Post questions here relative to DataStage Enterprise/PX Edition for such areas as Parallel job design, Parallel datasets, BuildOps, Wrappers, etc.
Moderators: chulett , rschirm , roy
_chamak
Premium Member
Posts: 29 Joined: Tue Aug 24, 2010 10:29 am
Post
by _chamak » Mon Nov 15, 2010 12:52 pm
i have a job which is currently runing fine with 1X but having problem then i change it into 2X , have a sort followed by remove duplicates. Data is hash partitioned in sort based on key columns the data type fr both of the is integer. The remove duplicates when using 1X is removing 148 rows but if i use 2X it only removed 147. Can any one help me with this
ray.wurlod
Participant
Posts: 54607 Joined: Wed Oct 23, 2002 10:52 pm
Location: Sydney, Australia
Contact:
Post
by ray.wurlod » Mon Nov 15, 2010 2:12 pm
Welcome aboard.
Are the data partitioned on the "key used to determine duplicates"?

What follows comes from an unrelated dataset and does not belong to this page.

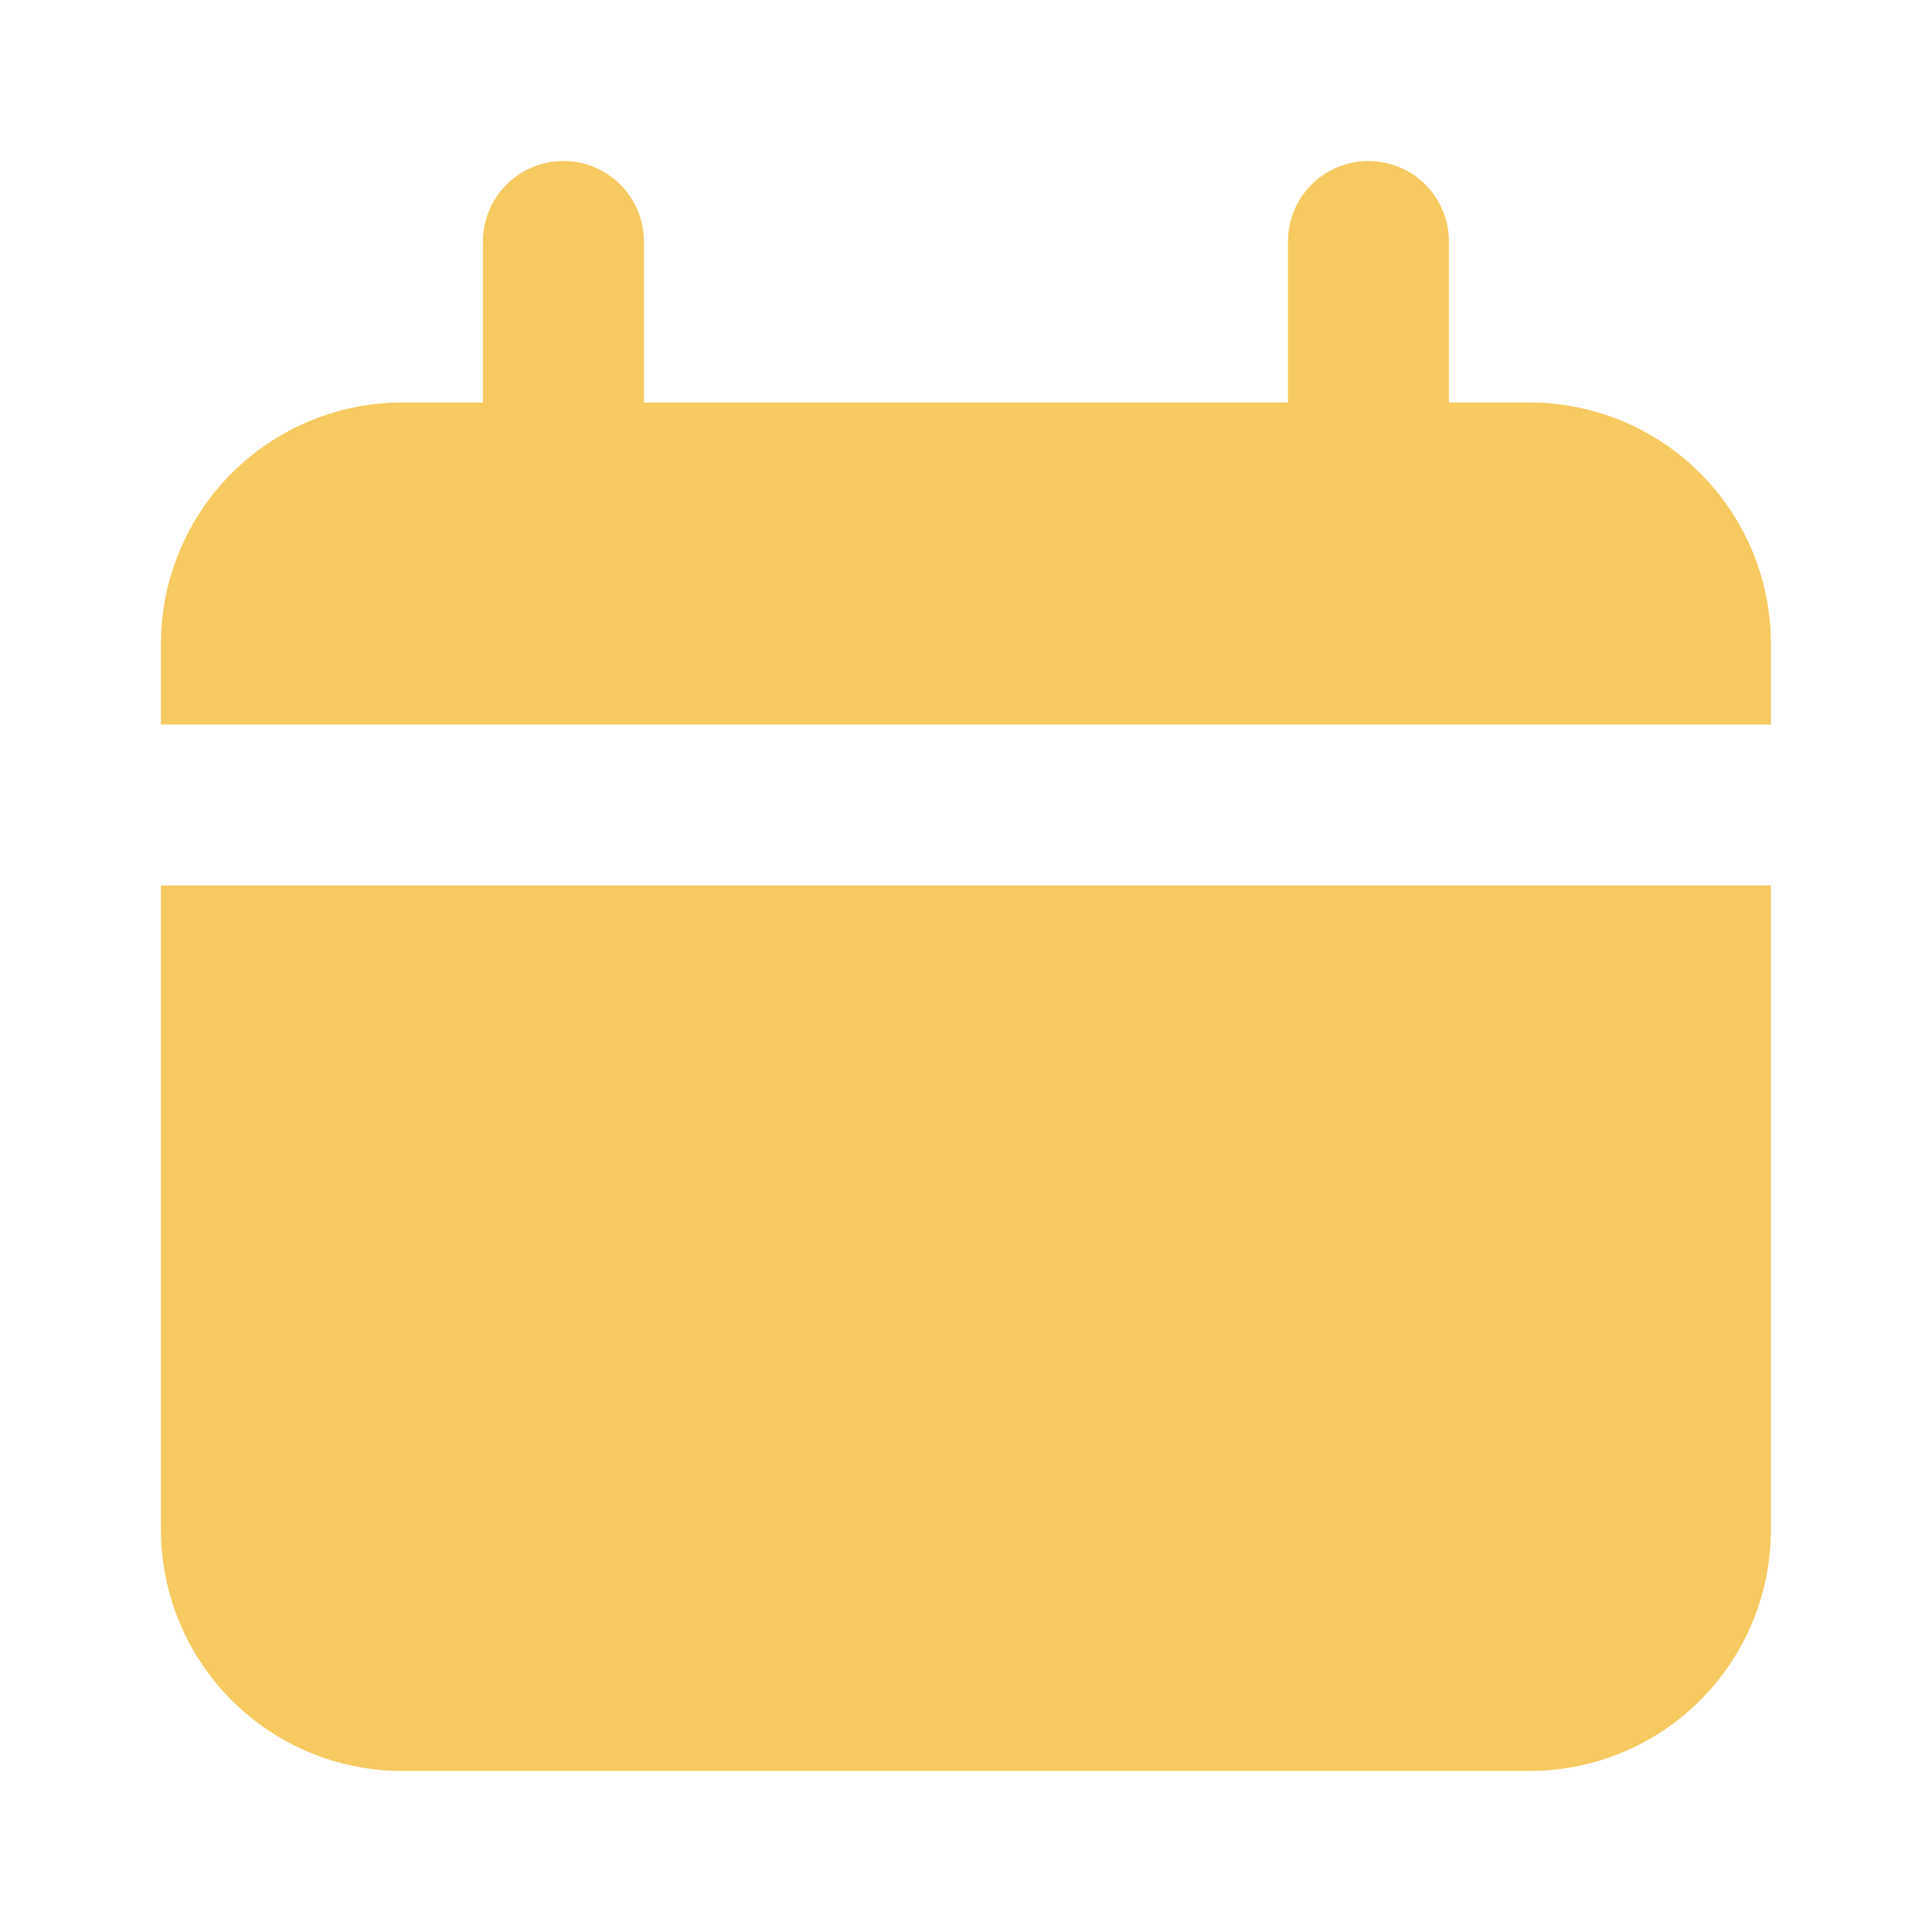 <?xml version="1.0" encoding="UTF-8"?> <svg xmlns="http://www.w3.org/2000/svg" width="30" height="30" viewBox="0 0 30 30" fill="none"><path d="M23.749 6.25H22.499V3.75C22.499 3.418 22.367 3.101 22.133 2.866C21.898 2.632 21.581 2.5 21.249 2.5C20.918 2.5 20.6 2.632 20.365 2.866C20.131 3.101 19.999 3.418 19.999 3.75V6.25H9.999V3.75C9.999 3.418 9.867 3.101 9.633 2.866C9.398 2.632 9.081 2.5 8.749 2.5C8.418 2.5 8.1 2.632 7.865 2.866C7.631 3.101 7.499 3.418 7.499 3.75V6.25H6.249C5.254 6.25 4.301 6.645 3.597 7.348C2.894 8.052 2.499 9.005 2.499 10V11.25H27.499V10C27.499 9.005 27.104 8.052 26.401 7.348C25.697 6.645 24.744 6.25 23.749 6.25Z" fill="#F6CA60"></path><path d="M2.499 23.75C2.499 24.745 2.894 25.698 3.597 26.402C4.301 27.105 5.254 27.5 6.249 27.5H23.749C24.744 27.5 25.697 27.105 26.401 26.402C27.104 25.698 27.499 24.745 27.499 23.75V13.75H2.499V23.75Z" fill="#F6CA60"></path></svg>

IBM Software Services Group
Any contribution to this forum is my own opinion and does not necessarily reflect any position that IBM may hold.
_chamak
Premium Member
Posts: 29 Joined: Tue Aug 24, 2010 10:29 am
Post
by _chamak » Mon Nov 15, 2010 4:00 pm
ray.wurlod wrote: Welcome aboard.
Are the data partitioned on the "key used to determine duplicates"?
i am partitioning on the key columns in the sort before remove duplicates.
ray.wurlod
Participant
Posts: 54607 Joined: Wed Oct 23, 2002 10:52 pm
Location: Sydney, Australia
Contact:
Post
by ray.wurlod » Mon Nov 15, 2010 11:01 pm
Are the sort keys the same as the remove duplicate keys?
IBM Software Services Group
Any contribution to this forum is my own opinion and does not necessarily reflect any position that IBM may hold.